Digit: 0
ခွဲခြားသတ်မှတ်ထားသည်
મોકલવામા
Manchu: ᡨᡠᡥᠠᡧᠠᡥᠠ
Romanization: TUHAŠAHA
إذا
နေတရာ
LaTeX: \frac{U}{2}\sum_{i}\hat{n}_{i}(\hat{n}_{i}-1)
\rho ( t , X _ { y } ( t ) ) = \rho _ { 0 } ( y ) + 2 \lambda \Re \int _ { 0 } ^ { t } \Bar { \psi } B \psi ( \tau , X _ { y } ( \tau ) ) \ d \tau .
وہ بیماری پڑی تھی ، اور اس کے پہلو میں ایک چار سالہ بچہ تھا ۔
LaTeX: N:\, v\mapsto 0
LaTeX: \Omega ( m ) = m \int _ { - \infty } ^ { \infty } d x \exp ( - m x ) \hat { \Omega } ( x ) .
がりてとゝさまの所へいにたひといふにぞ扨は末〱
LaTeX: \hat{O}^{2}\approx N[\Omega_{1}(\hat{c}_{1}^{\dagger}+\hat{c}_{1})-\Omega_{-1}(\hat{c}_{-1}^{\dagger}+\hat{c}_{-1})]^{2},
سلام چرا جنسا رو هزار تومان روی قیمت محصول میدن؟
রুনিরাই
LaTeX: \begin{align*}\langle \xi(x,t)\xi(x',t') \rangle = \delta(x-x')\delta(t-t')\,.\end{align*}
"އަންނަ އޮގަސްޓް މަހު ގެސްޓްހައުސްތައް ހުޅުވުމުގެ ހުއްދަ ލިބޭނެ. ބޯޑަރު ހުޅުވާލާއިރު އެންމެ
+---+
§ WHAT NEEDS TO BE DONE: Starting at the line in the records above that contains "Romanization: TUHAŠAHA", output every line up to and including the last one, with nothing added.

§ RESULT OF THIS EXERCISE:
Romanization: TUHAŠAHA
إذا
နေတရာ
LaTeX: \frac{U}{2}\sum_{i}\hat{n}_{i}(\hat{n}_{i}-1)
\rho ( t , X _ { y } ( t ) ) = \rho _ { 0 } ( y ) + 2 \lambda \Re \int _ { 0 } ^ { t } \Bar { \psi } B \psi ( \tau , X _ { y } ( \tau ) ) \ d \tau .
وہ بیماری پڑی تھی ، اور اس کے پہلو میں ایک چار سالہ بچہ تھا ۔
LaTeX: N:\, v\mapsto 0
LaTeX: \Omega ( m ) = m \int _ { - \infty } ^ { \infty } d x \exp ( - m x ) \hat { \Omega } ( x ) .
がりてとゝさまの所へいにたひといふにぞ扨は末〱
LaTeX: \hat{O}^{2}\approx N[\Omega_{1}(\hat{c}_{1}^{\dagger}+\hat{c}_{1})-\Omega_{-1}(\hat{c}_{-1}^{\dagger}+\hat{c}_{-1})]^{2},
سلام چرا جنسا رو هزار تومان روی قیمت محصول میدن؟
রুনিরাই
LaTeX: \begin{align*}\langle \xi(x,t)\xi(x',t') \rangle = \delta(x-x')\delta(t-t')\,.\end{align*}
"އަންނަ އޮގަސްޓް މަހު ގެސްޓްހައުސްތައް ހުޅުވުމުގެ ހުއްދަ ލިބޭނެ. ބޯޑަރު ހުޅުވާލާއިރު އެންމެ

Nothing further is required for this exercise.